**Your assignment:**
All the lines below should appear again unchanged, though their pictures should not.

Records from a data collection

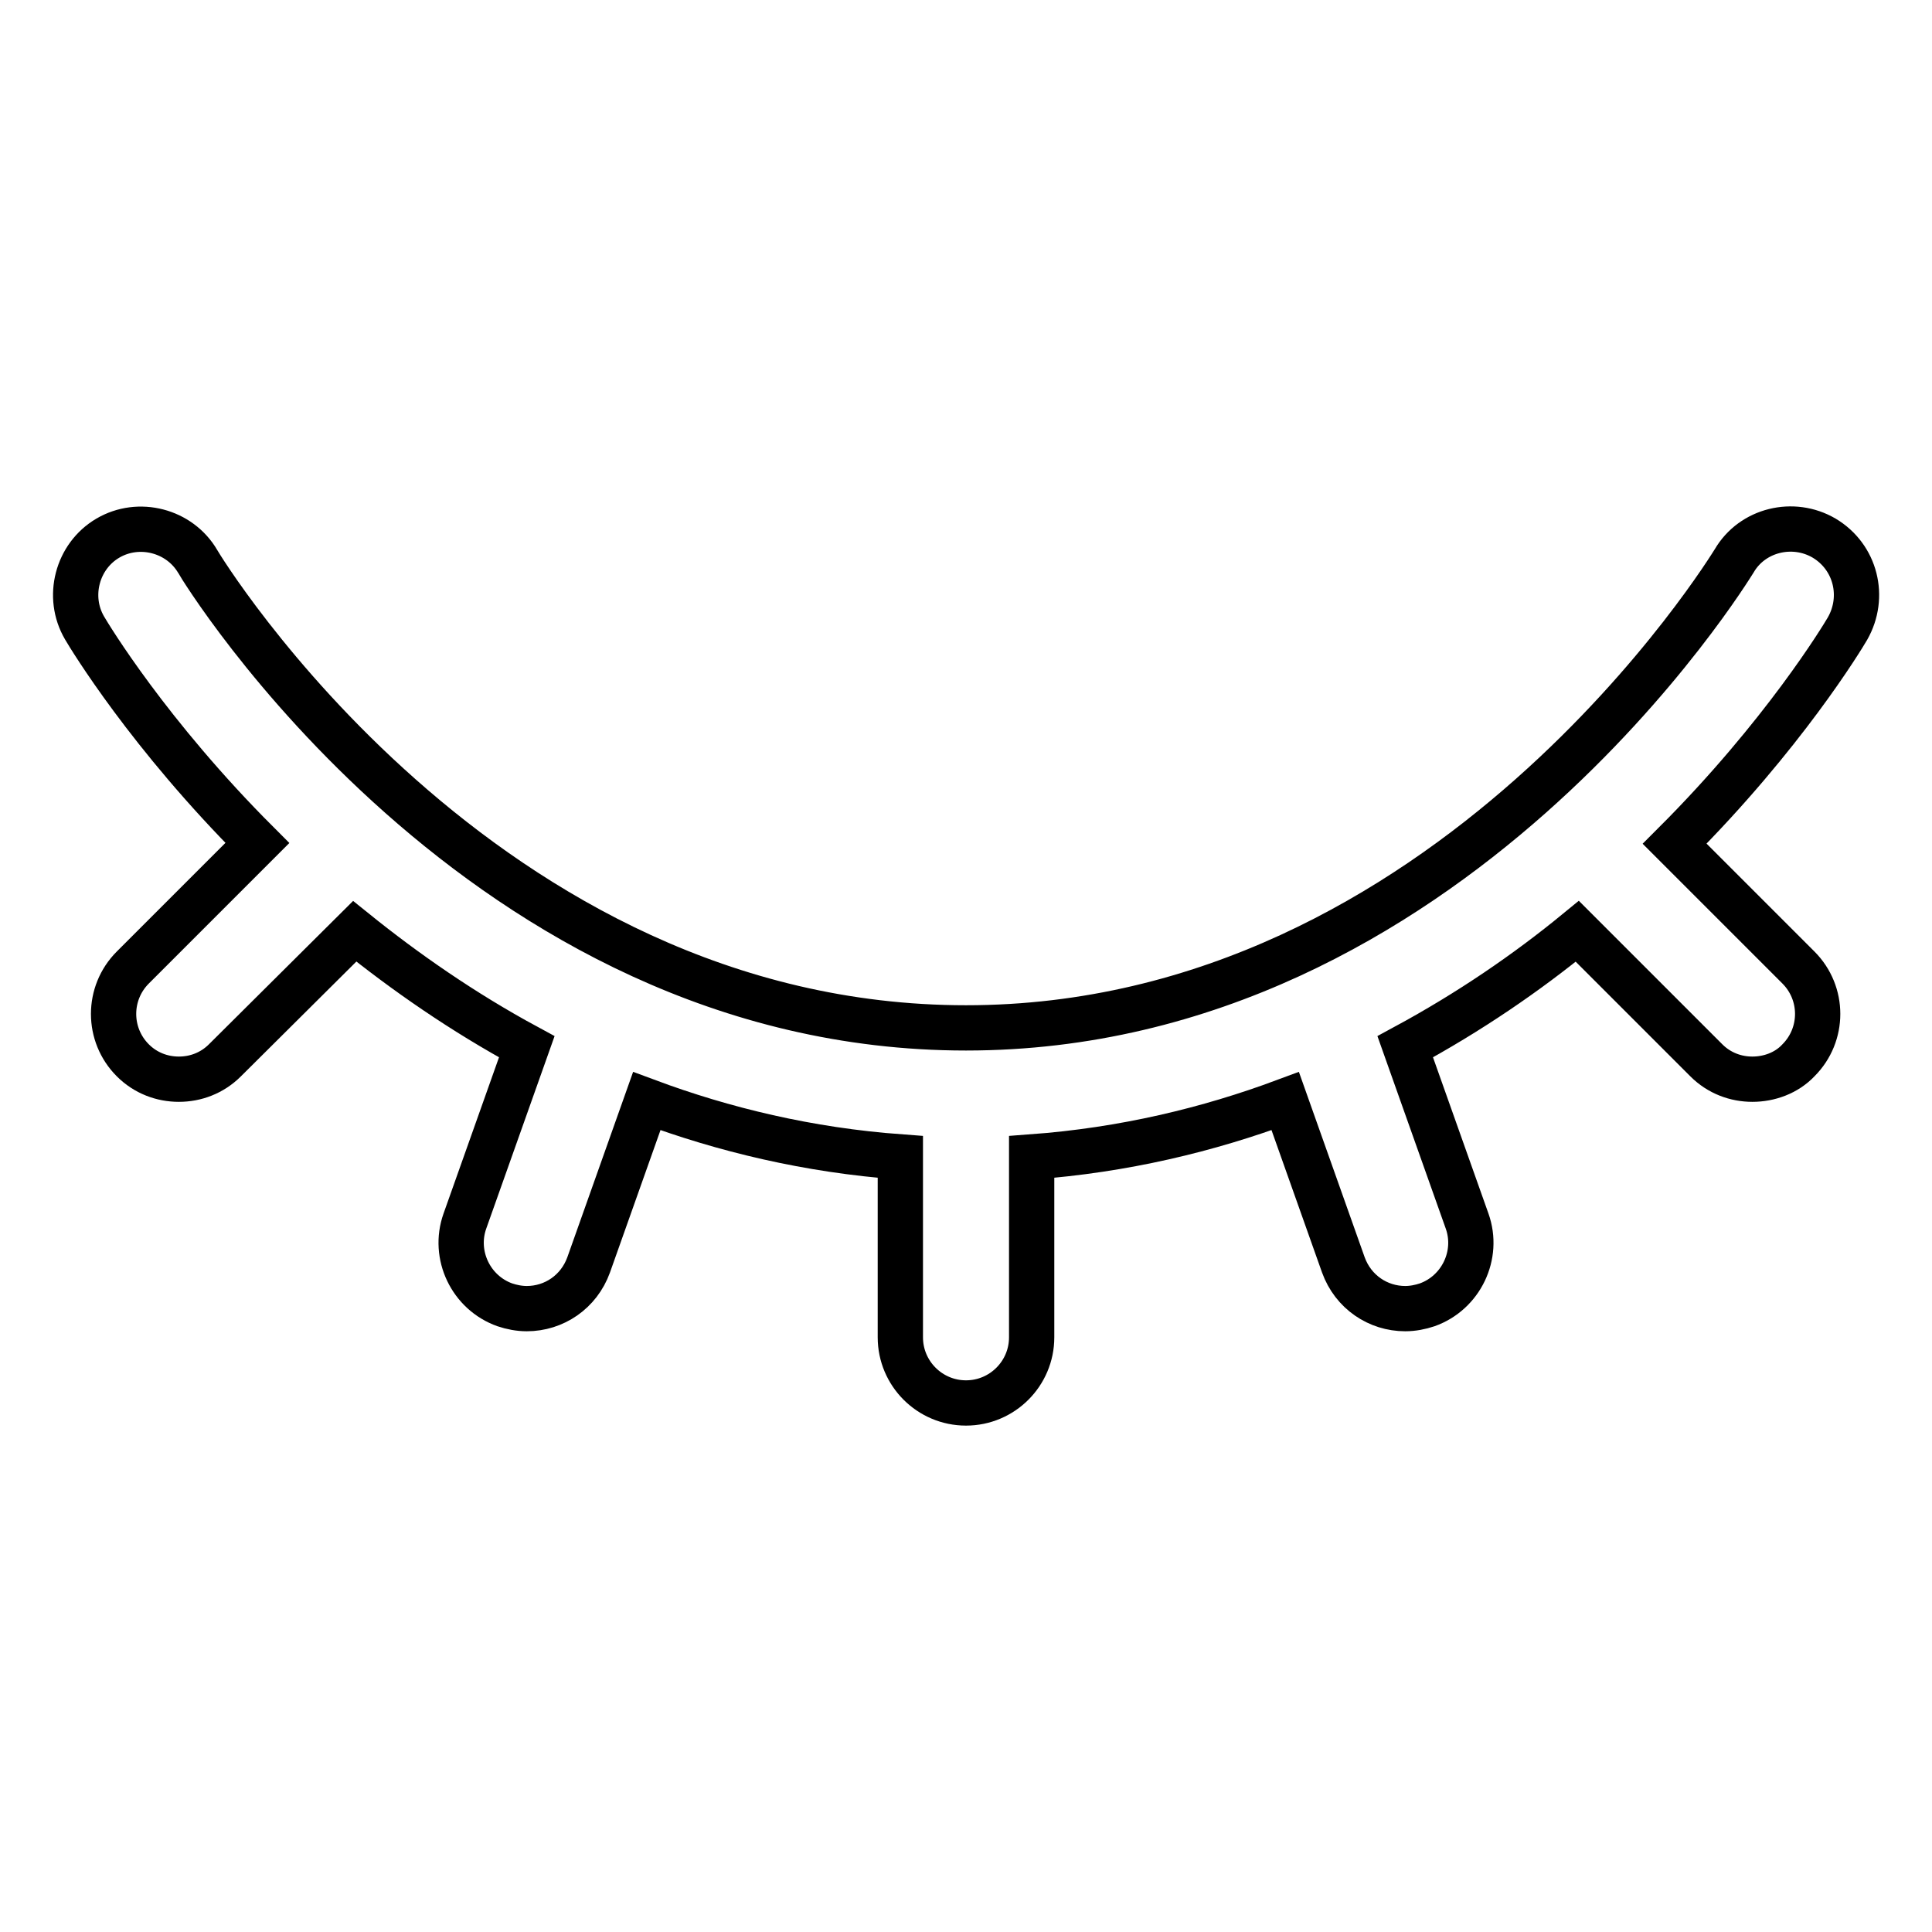 <?xml version="1.0" encoding="utf-8"?>
<!-- Svg Vector Icons : http://www.onlinewebfonts.com/icon -->
<!DOCTYPE svg PUBLIC "-//W3C//DTD SVG 1.1//EN" "http://www.w3.org/Graphics/SVG/1.1/DTD/svg11.dtd">
<svg version="1.1" xmlns="http://www.w3.org/2000/svg" xmlns:xlink="http://www.w3.org/1999/xlink" x="0px" y="0px" viewBox="0 0 256 256" enable-background="new 0 0 256 256" xml:space="preserve">
<g> <path stroke-width="6" fill-opacity="0" stroke="#000000"  d="M241.7,71.3c-4.1-2.4-9.5-1.1-11.9,3c-0.4,0.6-37.6,61.9-101.8,61.9C63.7,136.2,26.5,75,26.2,74.4 c-2.4-4.1-7.8-5.5-11.9-3.1c-4.1,2.4-5.5,7.8-3.1,11.9c0.7,1.2,8.5,14.1,22.9,28.5l-16.5,16.5c-3.4,3.4-3.4,8.9,0,12.3 c1.7,1.7,3.9,2.5,6.1,2.5c2.2,0,4.4-0.8,6.1-2.5L47,123.4c6.7,5.4,14.3,10.7,22.8,15.3l-8.2,23.1c-1.6,4.5,0.8,9.5,5.3,11.1 c0.9,0.3,1.9,0.5,2.9,0.5c3.6,0,6.9-2.2,8.2-5.8l7.7-21.7c10.2,3.8,21.4,6.5,33.6,7.4v23.9c0,4.8,3.9,8.7,8.7,8.7s8.7-3.9,8.7-8.7 v-23.9c12.2-0.9,23.4-3.6,33.6-7.4l7.7,21.7c1.3,3.6,4.6,5.8,8.2,5.8c1,0,2-0.2,2.9-0.5c4.5-1.6,6.9-6.6,5.3-11.1l-8.2-23.1 c8.5-4.6,16.1-9.8,22.8-15.3l17.1,17.1c1.7,1.7,3.9,2.5,6.1,2.5s4.5-0.8,6.1-2.5c3.4-3.4,3.4-8.9,0-12.3l-16.4-16.4 c14.4-14.4,22.2-27.3,22.9-28.5C247.2,79.1,245.9,73.8,241.7,71.3L241.7,71.3z"/></g>
</svg>

**Written answer:**
 <?xml version="1.0" encoding="utf-8"?>
<!-- Svg Vector Icons : http://www.onlinewebfonts.com/icon -->
<!DOCTYPE svg PUBLIC "-//W3C//DTD SVG 1.1//EN" "http://www.w3.org/Graphics/SVG/1.1/DTD/svg11.dtd">
<svg version="1.1" xmlns="http://www.w3.org/2000/svg" xmlns:xlink="http://www.w3.org/1999/xlink" x="0px" y="0px" viewBox="0 0 256 256" enable-background="new 0 0 256 256" xml:space="preserve">
<g> <path stroke-width="6" fill-opacity="0" stroke="#000000"  d="M241.7,71.3c-4.1-2.4-9.5-1.1-11.9,3c-0.4,0.6-37.6,61.9-101.8,61.9C63.7,136.2,26.5,75,26.2,74.4 c-2.4-4.1-7.8-5.5-11.9-3.1c-4.1,2.4-5.5,7.8-3.1,11.9c0.7,1.2,8.5,14.1,22.9,28.5l-16.5,16.5c-3.4,3.4-3.4,8.9,0,12.3 c1.7,1.7,3.9,2.5,6.1,2.5c2.2,0,4.4-0.8,6.1-2.5L47,123.4c6.7,5.4,14.3,10.7,22.8,15.3l-8.2,23.1c-1.6,4.5,0.8,9.5,5.3,11.1 c0.9,0.3,1.9,0.5,2.9,0.5c3.6,0,6.9-2.2,8.2-5.8l7.7-21.7c10.2,3.8,21.4,6.5,33.6,7.4v23.9c0,4.8,3.9,8.7,8.7,8.7s8.7-3.9,8.7-8.7 v-23.9c12.2-0.9,23.4-3.6,33.6-7.4l7.7,21.7c1.3,3.6,4.6,5.8,8.2,5.8c1,0,2-0.2,2.9-0.5c4.5-1.6,6.9-6.6,5.3-11.1l-8.2-23.1 c8.5-4.6,16.1-9.8,22.8-15.3l17.1,17.1c1.7,1.7,3.9,2.5,6.1,2.5s4.5-0.8,6.1-2.5c3.4-3.4,3.4-8.9,0-12.3l-16.4-16.4 c14.4-14.4,22.2-27.3,22.9-28.5C247.2,79.1,245.9,73.8,241.7,71.3L241.7,71.3z"/></g>
</svg>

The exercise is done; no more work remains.